To run this analysis, run all the cells in the notebook, starting with the "Load packages" cell.

### Load packages


In [1]:
%matplotlib inline
import warnings
import numpy as np
import geopandas as gpd
import pandas as pd
import xarray as xr
from sklearn.cluster import KMeans
from sklearn.preprocessing import StandardScaler
from sklearn import metrics
from random_sampling import random_sampling # adapted from function by Chad Burton: https://gist.github.com/cbur24/04760d645aa123a3b1817b07786e7d9f



## Analysis parameters
* `training_features_path`: The path to the file containing training features we extracted through the previous module `0_Extract_Training_Features.ipynb`.
* `reference_map_path`: The path to the reference classification map, which will be used as a stratification layer to extract random samples for each class. In this example, we are using the existing map [Rwanda Land Cover 2015 Scheme II](http://geoportal.rcmrd.org/layers/servir%3Arwanda_landcover_2015_scheme_ii). **Note that the reference map pixel values should contain the class values existing in the training data.**
* `class_attr`: This is the name of column in your shapefile/geojson file attribute table that contains the class labels. **The class labels must be integers**
* `output_crs`: Output spatial reference system.

In [2]:
training_features_path = 'Results/Rwanda_training_features_2021_from_2015_scheme_ii.geojson'
reference_map_path='Data/rwanda_landcover_2015_scheme_ii.tif'
class_attr = 'LC_Class_I' # class label in integer format
output_crs='epsg:32735' # WGS84/UTM Zone 35S

## Load input data

We now load the training features .txt file using `geopandas`. The pandas dataframe should contain columns `class_attr` identifying class labels and the bi-monthly geomedians of the nine spectral bands and NDVI that we extracted through previous module. It also contains the coordinates and geometry columns.

In [3]:
training_features= gpd.read_file(training_features_path) # Load training features
training_features.head() # Plot first five rows

Unnamed: 0,LC_Class_I,blue_0,blue_1,blue_2,blue_3,blue_4,blue_5,green_0,green_1,green_2,...,swir_2_5,NDVI_0,NDVI_1,NDVI_2,NDVI_3,NDVI_4,NDVI_5,x_coord,y_coord,geometry
0,12.0,746.544312,604.5,531.854614,579.425171,779.834961,735.999939,1008.881714,870.0,825.942627,...,954.000122,0.470825,0.540201,0.455023,0.473951,0.516605,0.368369,842405.0,9771525.0,POINT (842405.000 9771525.000)
1,12.0,359.753418,609.440247,528.122253,427.805145,684.916138,511.0,494.839539,726.885864,684.505676,...,732.0,0.0944,0.297828,0.284677,0.209838,0.157299,0.229703,718565.0,9735295.0,POINT (718565.000 9735295.000)
2,12.0,842.906006,3859.5,808.999939,1100.436279,921.108398,1047.573853,1650.38855,3733.0,1483.999878,...,178.300995,-0.110824,-0.150946,-0.427848,-0.273258,-0.25777,-0.124184,793185.0,9779405.0,POINT (793185.000 9779405.000)
3,12.0,603.348511,2966.0,693.0,831.999695,661.981812,666.0,927.474609,4120.0,989.0,...,932.999817,0.25977,0.001298,0.263473,0.162238,0.508861,0.347551,796505.0,9807125.0,POINT (796505.000 9807125.000)
4,12.0,1164.430542,752.180908,397.646027,455.440857,861.179382,606.5,1218.076782,966.766418,613.811584,...,1118.0,0.518148,0.542375,0.745179,0.720775,0.577472,0.580907,847425.0,9772665.0,POINT (847425.000 9772665.000)

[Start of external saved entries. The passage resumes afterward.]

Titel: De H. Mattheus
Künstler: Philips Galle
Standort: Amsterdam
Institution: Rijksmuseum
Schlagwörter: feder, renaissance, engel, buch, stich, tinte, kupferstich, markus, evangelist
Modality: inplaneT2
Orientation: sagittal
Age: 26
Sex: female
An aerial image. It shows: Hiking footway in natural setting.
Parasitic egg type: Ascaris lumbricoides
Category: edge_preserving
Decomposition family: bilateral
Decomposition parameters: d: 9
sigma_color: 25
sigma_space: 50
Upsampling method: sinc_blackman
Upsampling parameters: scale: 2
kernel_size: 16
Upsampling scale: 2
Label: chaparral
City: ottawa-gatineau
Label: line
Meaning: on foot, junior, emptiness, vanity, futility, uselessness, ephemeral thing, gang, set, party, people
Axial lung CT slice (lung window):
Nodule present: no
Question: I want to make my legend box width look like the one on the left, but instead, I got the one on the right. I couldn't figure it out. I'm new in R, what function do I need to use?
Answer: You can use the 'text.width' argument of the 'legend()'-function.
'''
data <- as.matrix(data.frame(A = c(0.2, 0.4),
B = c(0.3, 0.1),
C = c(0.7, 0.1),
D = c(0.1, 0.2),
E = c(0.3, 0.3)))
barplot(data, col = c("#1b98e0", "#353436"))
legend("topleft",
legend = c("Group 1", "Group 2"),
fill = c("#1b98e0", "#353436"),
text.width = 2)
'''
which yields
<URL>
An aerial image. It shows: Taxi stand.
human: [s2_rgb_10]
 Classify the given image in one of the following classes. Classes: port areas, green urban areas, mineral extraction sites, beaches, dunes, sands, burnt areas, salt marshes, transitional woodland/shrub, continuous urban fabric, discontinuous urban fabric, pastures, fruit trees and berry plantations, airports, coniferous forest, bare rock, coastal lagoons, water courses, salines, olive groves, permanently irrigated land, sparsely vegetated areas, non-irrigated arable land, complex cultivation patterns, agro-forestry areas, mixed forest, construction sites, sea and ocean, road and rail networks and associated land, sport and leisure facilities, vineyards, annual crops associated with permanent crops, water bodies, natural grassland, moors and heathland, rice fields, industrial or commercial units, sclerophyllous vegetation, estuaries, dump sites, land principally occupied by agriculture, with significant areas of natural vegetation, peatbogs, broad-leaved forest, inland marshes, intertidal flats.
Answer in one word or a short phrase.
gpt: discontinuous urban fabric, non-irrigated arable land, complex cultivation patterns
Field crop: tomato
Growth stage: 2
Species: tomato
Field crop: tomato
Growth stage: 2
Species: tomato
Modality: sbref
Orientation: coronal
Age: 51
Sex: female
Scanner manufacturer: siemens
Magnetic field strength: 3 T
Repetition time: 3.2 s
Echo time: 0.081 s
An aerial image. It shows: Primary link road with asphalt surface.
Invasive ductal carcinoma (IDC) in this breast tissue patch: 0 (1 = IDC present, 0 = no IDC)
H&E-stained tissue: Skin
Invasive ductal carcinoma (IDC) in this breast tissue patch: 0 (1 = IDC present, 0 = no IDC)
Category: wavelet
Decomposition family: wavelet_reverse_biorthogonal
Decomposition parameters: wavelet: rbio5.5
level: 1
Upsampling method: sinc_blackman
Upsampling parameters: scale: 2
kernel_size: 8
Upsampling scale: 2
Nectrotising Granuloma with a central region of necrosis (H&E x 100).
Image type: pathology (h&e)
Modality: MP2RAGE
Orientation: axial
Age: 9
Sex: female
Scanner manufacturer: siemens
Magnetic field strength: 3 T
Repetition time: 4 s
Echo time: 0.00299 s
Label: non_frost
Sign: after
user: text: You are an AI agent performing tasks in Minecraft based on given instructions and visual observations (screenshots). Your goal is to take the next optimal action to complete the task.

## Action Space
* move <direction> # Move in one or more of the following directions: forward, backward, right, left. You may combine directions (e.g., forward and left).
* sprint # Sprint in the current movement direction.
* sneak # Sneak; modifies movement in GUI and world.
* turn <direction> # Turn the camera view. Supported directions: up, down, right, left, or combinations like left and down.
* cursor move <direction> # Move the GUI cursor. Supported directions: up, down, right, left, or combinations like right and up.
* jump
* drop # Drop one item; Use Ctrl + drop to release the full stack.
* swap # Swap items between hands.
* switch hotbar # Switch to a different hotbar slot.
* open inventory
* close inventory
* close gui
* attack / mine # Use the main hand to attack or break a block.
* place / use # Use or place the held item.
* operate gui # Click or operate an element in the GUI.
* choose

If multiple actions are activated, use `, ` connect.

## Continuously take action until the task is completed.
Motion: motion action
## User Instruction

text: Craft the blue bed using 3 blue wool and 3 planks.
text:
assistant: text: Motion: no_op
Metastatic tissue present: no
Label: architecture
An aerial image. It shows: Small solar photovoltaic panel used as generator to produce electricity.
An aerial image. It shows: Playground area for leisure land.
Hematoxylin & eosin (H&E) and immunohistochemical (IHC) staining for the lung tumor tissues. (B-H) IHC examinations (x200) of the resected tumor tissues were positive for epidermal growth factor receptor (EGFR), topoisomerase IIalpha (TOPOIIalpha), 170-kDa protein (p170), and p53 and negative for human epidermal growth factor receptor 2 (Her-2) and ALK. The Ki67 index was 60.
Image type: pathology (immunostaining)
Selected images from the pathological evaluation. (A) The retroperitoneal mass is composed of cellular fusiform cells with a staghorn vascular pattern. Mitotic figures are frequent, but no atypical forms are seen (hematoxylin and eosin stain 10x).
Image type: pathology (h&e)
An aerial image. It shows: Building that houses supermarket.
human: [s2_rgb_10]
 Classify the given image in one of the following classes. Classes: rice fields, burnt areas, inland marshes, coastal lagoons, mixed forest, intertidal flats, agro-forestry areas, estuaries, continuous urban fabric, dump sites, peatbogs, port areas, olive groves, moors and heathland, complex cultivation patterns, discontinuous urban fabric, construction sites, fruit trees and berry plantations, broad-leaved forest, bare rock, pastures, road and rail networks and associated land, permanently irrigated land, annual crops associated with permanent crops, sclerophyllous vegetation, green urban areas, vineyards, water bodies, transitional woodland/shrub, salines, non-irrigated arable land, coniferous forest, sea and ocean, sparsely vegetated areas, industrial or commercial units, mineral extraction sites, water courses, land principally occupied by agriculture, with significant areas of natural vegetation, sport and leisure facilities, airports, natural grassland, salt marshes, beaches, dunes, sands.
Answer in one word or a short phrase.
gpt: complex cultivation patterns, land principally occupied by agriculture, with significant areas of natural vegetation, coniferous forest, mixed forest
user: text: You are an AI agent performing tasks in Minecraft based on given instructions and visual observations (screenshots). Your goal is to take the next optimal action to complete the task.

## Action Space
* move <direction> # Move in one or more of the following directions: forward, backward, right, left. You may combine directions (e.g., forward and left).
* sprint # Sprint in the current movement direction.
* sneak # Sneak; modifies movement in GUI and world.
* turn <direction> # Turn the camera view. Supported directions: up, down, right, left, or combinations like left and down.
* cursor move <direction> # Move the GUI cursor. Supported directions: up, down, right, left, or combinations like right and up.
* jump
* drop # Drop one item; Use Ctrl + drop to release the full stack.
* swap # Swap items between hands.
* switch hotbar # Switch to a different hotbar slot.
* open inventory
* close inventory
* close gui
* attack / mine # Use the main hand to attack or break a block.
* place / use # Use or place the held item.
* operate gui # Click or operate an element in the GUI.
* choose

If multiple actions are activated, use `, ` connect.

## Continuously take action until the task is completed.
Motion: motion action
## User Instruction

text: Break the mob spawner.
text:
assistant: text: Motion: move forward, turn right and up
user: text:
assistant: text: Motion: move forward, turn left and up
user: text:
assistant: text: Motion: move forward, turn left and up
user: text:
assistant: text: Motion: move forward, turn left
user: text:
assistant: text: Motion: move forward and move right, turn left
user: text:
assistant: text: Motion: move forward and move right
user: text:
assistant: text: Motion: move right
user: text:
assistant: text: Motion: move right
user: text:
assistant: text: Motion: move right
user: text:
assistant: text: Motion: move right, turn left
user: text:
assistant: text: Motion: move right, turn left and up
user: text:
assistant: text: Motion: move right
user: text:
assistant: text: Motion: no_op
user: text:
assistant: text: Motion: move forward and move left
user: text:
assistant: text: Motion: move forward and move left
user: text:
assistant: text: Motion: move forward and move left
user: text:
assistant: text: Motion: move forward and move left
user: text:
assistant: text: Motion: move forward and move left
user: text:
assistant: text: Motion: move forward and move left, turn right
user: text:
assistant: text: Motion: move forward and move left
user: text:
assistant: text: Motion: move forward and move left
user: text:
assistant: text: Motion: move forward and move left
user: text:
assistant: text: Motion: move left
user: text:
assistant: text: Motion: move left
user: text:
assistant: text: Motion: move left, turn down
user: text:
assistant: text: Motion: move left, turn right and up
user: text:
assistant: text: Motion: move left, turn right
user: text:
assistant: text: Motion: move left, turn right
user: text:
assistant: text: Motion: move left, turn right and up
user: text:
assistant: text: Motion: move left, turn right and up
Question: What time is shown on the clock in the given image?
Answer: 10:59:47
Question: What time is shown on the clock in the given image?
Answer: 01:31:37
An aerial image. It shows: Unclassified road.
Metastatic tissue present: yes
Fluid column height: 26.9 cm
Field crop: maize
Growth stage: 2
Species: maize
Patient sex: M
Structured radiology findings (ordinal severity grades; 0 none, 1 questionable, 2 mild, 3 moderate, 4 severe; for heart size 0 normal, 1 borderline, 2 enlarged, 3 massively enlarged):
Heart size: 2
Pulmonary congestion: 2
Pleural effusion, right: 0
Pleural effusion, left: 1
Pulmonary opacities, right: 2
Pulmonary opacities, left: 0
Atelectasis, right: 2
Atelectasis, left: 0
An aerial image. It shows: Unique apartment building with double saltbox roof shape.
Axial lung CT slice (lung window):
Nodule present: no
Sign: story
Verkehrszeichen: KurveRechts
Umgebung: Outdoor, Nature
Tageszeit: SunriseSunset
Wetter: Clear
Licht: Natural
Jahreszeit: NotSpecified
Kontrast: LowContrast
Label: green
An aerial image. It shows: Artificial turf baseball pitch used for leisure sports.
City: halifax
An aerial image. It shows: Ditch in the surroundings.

Using the `class_attr` column we can get the class values, which we will use later to process by class. For this extracted training points, the class names corresponding to the class values are: 1: Forest, 5: Grassland, 7: Shrubland, 9: Perennial Cropland, 10: Annual Cropland, 11: Wetland, 12: Water Body, 13: Urban Settlement, 14: Bare Land.

In [4]:
lc_classes=training_features[class_attr].unique() # get class labels
print('land cover classes:\n',lc_classes)

land cover classes:
 [12.  1.  5.  7.  9. 10. 11. 13. 14.]


The training data filtering method also requires a reference land cover map as a stratification layer to generate random training samples, which will be used to train the K-Means models, so we now load the reference map:

In [5]:
# load reference classification map
reference_map = xr.open_dataset(reference_map_path,engine="rasterio").astype(np.uint8)
reference_map=reference_map.to_array().squeeze()
print('Reference land cover classifcation raster:\n',reference_map)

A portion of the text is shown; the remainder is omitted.